DATA RECORDS START

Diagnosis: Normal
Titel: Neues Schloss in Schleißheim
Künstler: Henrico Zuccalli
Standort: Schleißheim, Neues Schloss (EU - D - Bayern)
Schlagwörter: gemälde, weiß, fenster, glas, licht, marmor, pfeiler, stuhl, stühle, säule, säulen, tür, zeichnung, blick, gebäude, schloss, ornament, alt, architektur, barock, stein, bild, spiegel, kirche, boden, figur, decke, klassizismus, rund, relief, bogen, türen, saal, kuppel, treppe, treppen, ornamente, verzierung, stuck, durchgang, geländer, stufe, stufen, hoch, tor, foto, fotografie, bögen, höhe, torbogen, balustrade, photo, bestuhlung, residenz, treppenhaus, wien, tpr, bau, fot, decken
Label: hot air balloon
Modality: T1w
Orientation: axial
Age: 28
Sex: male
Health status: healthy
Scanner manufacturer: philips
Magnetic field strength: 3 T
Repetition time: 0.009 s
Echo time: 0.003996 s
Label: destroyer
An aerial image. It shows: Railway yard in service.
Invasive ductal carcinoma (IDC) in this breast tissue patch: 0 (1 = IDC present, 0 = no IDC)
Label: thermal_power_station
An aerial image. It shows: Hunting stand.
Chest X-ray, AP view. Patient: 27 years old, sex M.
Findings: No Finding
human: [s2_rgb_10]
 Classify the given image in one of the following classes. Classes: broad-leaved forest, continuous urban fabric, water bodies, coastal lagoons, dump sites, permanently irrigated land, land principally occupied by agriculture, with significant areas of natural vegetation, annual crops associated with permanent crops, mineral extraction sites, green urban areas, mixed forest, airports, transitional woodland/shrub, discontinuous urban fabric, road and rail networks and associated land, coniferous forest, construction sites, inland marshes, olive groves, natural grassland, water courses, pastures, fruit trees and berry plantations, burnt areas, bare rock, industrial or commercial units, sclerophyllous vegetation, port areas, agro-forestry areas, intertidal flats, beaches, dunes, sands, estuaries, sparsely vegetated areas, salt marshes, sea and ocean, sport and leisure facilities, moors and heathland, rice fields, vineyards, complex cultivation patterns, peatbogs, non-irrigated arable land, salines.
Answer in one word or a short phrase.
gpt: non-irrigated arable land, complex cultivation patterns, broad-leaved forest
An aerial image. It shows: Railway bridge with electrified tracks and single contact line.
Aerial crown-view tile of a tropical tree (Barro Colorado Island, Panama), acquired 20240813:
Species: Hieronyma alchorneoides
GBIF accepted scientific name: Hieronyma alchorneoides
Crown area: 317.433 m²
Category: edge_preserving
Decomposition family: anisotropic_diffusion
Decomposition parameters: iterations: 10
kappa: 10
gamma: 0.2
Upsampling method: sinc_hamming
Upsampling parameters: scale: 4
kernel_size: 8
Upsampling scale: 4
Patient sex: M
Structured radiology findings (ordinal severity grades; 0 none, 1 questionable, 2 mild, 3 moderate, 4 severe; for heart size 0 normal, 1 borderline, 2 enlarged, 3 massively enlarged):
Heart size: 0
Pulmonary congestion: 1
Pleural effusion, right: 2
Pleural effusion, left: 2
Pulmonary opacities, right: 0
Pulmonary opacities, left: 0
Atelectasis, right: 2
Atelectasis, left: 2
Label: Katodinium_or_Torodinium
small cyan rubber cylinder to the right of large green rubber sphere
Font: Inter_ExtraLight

DATA RECORDS END

From the line that has "Modality: T1w" through the line that has "human: [s2_rgb_10]", copy every line exactly as it appears above, and leave out all others.

▶ [RESULT]
Modality: T1w
Orientation: axial
Age: 28
Sex: male
Health status: healthy
Scanner manufacturer: philips
Magnetic field strength: 3 T
Repetition time: 0.009 s
Echo time: 0.003996 s
Label: destroyer
An aerial image. It shows: Railway yard in service.
Invasive ductal carcinoma (IDC) in this breast tissue patch: 0 (1 = IDC present, 0 = no IDC)
Label: thermal_power_station
An aerial image. It shows: Hunting stand.
Chest X-ray, AP view. Patient: 27 years old, sex M.
Findings: No Finding
human: [s2_rgb_10]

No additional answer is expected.